* _PROBLEM DESCRIPTION_
Copy the material below exactly, but only from the line with "Q: Is the typeface" onward, the final line included.

* _GIVEN ENTRIES_
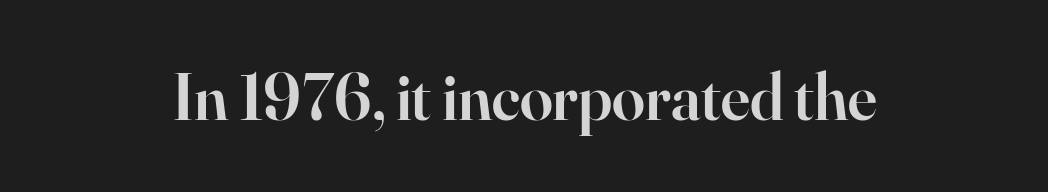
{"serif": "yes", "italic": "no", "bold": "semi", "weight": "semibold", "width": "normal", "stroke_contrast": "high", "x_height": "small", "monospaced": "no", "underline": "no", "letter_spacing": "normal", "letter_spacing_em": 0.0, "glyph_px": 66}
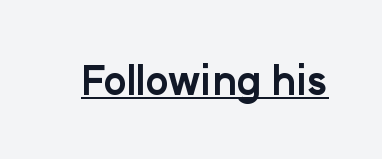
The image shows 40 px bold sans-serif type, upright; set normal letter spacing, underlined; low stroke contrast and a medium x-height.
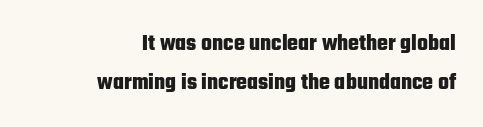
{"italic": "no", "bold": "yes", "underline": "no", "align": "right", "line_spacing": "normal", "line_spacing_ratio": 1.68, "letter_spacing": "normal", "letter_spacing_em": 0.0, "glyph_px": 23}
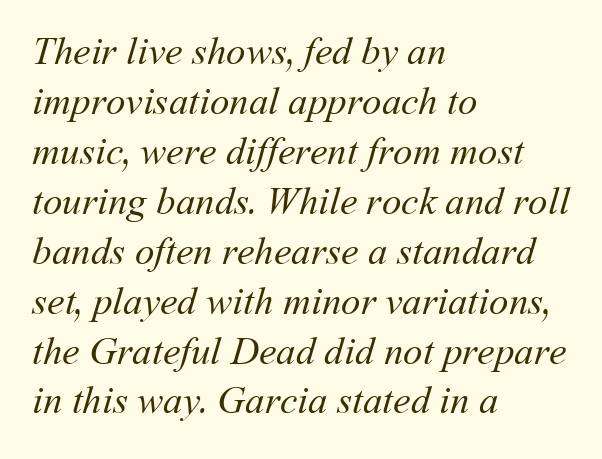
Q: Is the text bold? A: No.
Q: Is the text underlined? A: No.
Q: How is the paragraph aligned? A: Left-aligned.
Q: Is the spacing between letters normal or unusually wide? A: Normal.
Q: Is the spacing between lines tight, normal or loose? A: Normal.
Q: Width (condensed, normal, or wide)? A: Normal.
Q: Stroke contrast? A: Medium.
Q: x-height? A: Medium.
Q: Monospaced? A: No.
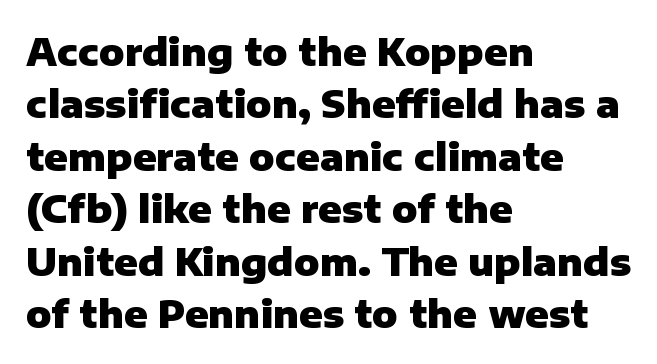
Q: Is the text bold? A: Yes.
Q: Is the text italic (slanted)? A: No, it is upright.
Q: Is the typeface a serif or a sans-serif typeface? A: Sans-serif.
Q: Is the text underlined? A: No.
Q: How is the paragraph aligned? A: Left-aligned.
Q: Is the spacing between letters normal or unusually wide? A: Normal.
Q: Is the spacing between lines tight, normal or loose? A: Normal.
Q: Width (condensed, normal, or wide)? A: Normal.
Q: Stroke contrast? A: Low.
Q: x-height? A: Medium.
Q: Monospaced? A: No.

* _COMPLETED TASK_
Q: Is the typeface a serif or a sans-serif typeface? A: Sans-serif.
Q: Is the text underlined? A: No.
Q: How is the paragraph aligned? A: Left-aligned.
Q: Is the spacing between letters normal or unusually wide? A: Normal.
Q: Is the spacing between lines tight, normal or loose? A: Normal.
Q: Width (condensed, normal, or wide)? A: Normal.
Q: Stroke contrast? A: Low.
Q: x-height? A: Medium.
Q: Monospaced? A: No.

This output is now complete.